Querying blockchain data for an hackathon

Streamlit recently posted an opportunity for developers to build and share a dashboard in a challenge to win swags, this could be on any subject of interest. This caught my interest and decided that for this exercise I would explore something live, something with some real-time value.

Hence this post is to explore my submission for this APP-A-THON, here, we would explore the basic components of this application, the dependencies, the data explored and the plots generated.

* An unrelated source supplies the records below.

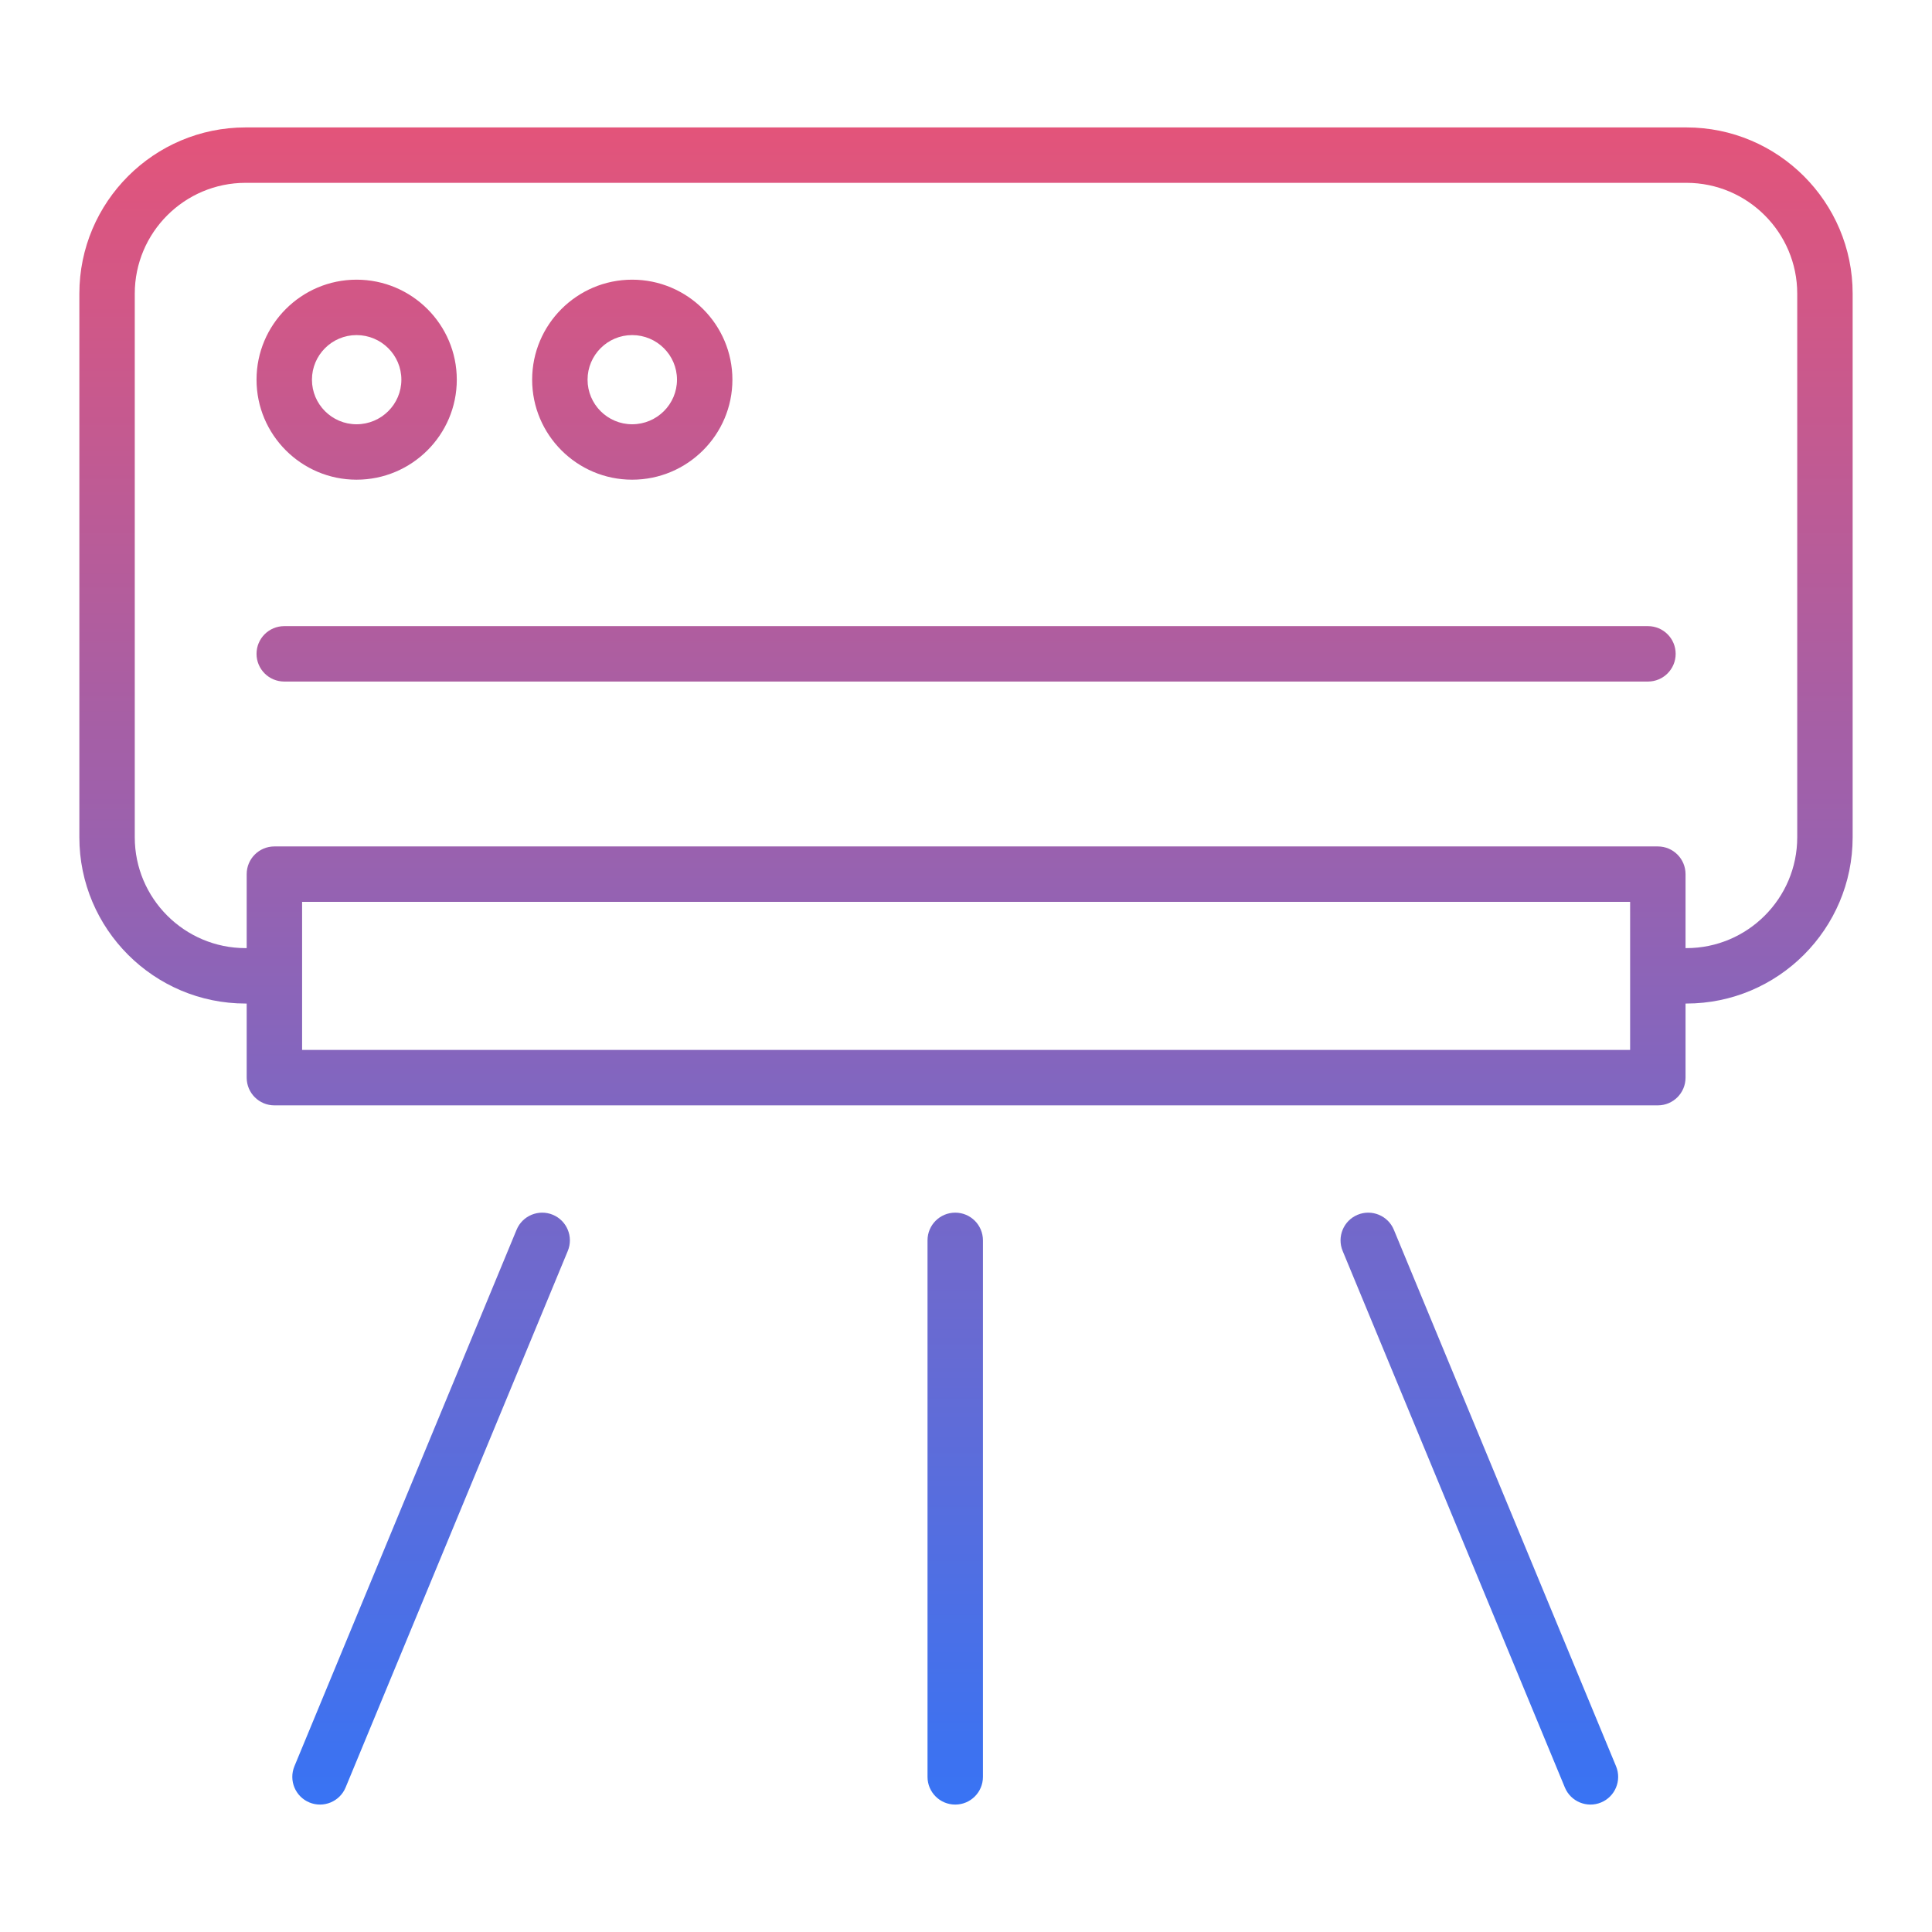 <?xml version="1.0" encoding="UTF-8"?>
<svg xmlns="http://www.w3.org/2000/svg" xmlns:xlink="http://www.w3.org/1999/xlink" height="512" viewBox="0 0 512 512" width="512">
  <linearGradient id="SVGID_1_" gradientUnits="userSpaceOnUse" x1="256" x2="256" y1="478.232" y2="33.768">
    <stop offset="0" stop-color="#3873f4"></stop>
    <stop offset="1" stop-color="#e3547a"></stop>
  </linearGradient>
  <g id="_x32_3_Ac">
    <path d="m65.086 265.949h.287v19.641c0 4.059 3.284 7.343 7.343 7.343h366.626c4.059 0 7.343-3.284 7.343-7.343v-19.641h.229c24.294 0 44.057-19.763 44.057-44.057v-144.067c0-24.294-19.763-44.057-44.057-44.057h-381.828c-24.294 0-44.057 19.763-44.057 44.057v144.067c0 24.295 19.763 44.057 44.057 44.057zm366.913 12.298h-351.94v-19.605c0-.013.007-.023.007-.035 0-.013-.007-.023-.007-.035v-19.569h351.94zm-396.284-200.422c0-16.199 13.173-29.371 29.371-29.371h381.828c16.199 0 29.371 13.173 29.371 29.371v144.067c0 16.199-13.173 29.371-29.371 29.371h-.229v-19.605c0-4.059-3.284-7.343-7.343-7.343h-366.626c-4.059 0-7.343 3.284-7.343 7.343v19.605h-.287c-16.199 0-29.371-13.173-29.371-29.371zm58.771 49.299c14.65 0 26.568-11.889 26.568-26.503s-11.918-26.503-26.568-26.503c-14.614 0-26.503 11.889-26.503 26.503s11.889 26.503 26.503 26.503zm0-38.321c6.554 0 11.882 5.299 11.882 11.817s-5.328 11.817-11.882 11.817c-6.518 0-11.817-5.299-11.817-11.817s5.299-11.817 11.817-11.817zm73.041 38.321c14.65 0 26.568-11.889 26.568-26.503s-11.918-26.503-26.568-26.503c-14.614 0-26.503 11.889-26.503 26.503s11.889 26.503 26.503 26.503zm0-38.321c6.554 0 11.882 5.299 11.882 11.817s-5.328 11.817-11.882 11.817c-6.518 0-11.817-5.299-11.817-11.817s5.299-11.817 11.817-11.817zm-99.544 84.472c0-4.059 3.284-7.343 7.343-7.343h361.398c4.059 0 7.343 3.284 7.343 7.343s-3.284 7.343-7.343 7.343h-361.398c-4.059-.001-7.343-3.285-7.343-7.343zm301.401 152.622 58.886 142.182c1.549 3.75-.229 8.046-3.973 9.594-3.734 1.546-8.042-.221-9.594-3.973l-58.886-142.182c-1.549-3.75.229-8.046 3.973-9.594 3.721-1.542 8.045.222 9.594 3.973zm-116.238-4.532c4.059 0 7.343 3.284 7.343 7.343v142.181c0 4.059-3.284 7.343-7.343 7.343s-7.343-3.284-7.343-7.343v-142.181c0-4.059 3.284-7.343 7.343-7.343zm-106.65.559c3.743 1.549 5.521 5.844 3.973 9.594l-58.88 142.182c-1.551 3.749-5.858 5.52-9.594 3.973-3.743-1.549-5.521-5.844-3.973-9.594l58.879-142.182c1.549-3.751 5.873-5.515 9.595-3.973z" fill="url(#SVGID_1_)"></path>
  </g>
</svg>

Although my knowledge of blockchain is severely limited, the post on [enter title] by Tony, presented an opportunity to play around with APIs for that real-time value we read about earlier. Read about here querying the data from that post to get the idea, and download the files used.

Next, let’s create an environment, this will store all of our python packages and dependencies, as well as will help with presenting our application’s requirements when it is finally time to deploy. Furthermore, because we would be using the Subgrounds library which is dependent on python 3.10 >, we have to specify when initiating our environment in one of two ways like so:

With conda by following the code below:

conda create -n "myenv" python=3.3.0

Or, if you are running this on linux:

download python version >= 10, copy path to the file.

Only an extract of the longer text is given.